(RECORDS SUPPLIED begins)

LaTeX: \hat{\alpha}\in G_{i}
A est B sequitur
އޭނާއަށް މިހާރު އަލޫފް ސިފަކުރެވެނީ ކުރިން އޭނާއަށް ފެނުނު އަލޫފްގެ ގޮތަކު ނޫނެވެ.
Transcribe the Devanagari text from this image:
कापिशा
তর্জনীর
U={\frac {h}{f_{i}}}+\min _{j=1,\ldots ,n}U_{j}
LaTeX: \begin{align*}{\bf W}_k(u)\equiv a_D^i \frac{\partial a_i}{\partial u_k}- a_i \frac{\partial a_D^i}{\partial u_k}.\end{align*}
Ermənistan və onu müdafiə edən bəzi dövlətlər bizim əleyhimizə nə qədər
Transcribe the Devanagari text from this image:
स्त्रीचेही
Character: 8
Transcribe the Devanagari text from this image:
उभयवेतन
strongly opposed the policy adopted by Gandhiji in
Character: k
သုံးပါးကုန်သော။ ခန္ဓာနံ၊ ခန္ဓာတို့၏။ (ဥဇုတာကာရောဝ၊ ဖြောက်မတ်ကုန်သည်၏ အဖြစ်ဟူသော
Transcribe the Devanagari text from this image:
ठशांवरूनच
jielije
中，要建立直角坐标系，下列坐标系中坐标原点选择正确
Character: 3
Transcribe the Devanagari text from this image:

(RECORDS SUPPLIED ends)

## HOW TO COMPLETE THIS TASK
Transcribe all the entries exactly, as they stand.

## THE COMPLETED TASK
LaTeX: \hat{\alpha}\in G_{i}
A est B sequitur
އޭނާއަށް މިހާރު އަލޫފް ސިފަކުރެވެނީ ކުރިން އޭނާއަށް ފެނުނު އަލޫފްގެ ގޮތަކު ނޫނެވެ.
Transcribe the Devanagari text from this image:
कापिशा
তর্জনীর
U={\frac {h}{f_{i}}}+\min _{j=1,\ldots ,n}U_{j}
LaTeX: \begin{align*}{\bf W}_k(u)\equiv a_D^i \frac{\partial a_i}{\partial u_k}- a_i \frac{\partial a_D^i}{\partial u_k}.\end{align*}
Ermənistan və onu müdafiə edən bəzi dövlətlər bizim əleyhimizə nə qədər
Transcribe the Devanagari text from this image:
स्त्रीचेही
Character: 8
Transcribe the Devanagari text from this image:
उभयवेतन
strongly opposed the policy adopted by Gandhiji in
Character: k
သုံးပါးကုန်သော။ ခန္ဓာနံ၊ ခန္ဓာတို့၏။ (ဥဇုတာကာရောဝ၊ ဖြောက်မတ်ကုန်သည်၏ အဖြစ်ဟူသော
Transcribe the Devanagari text from this image:
ठशांवरूनच
jielije
中，要建立直角坐标系，下列坐标系中坐标原点选择正确
Character: 3
Transcribe the Devanagari text from this image:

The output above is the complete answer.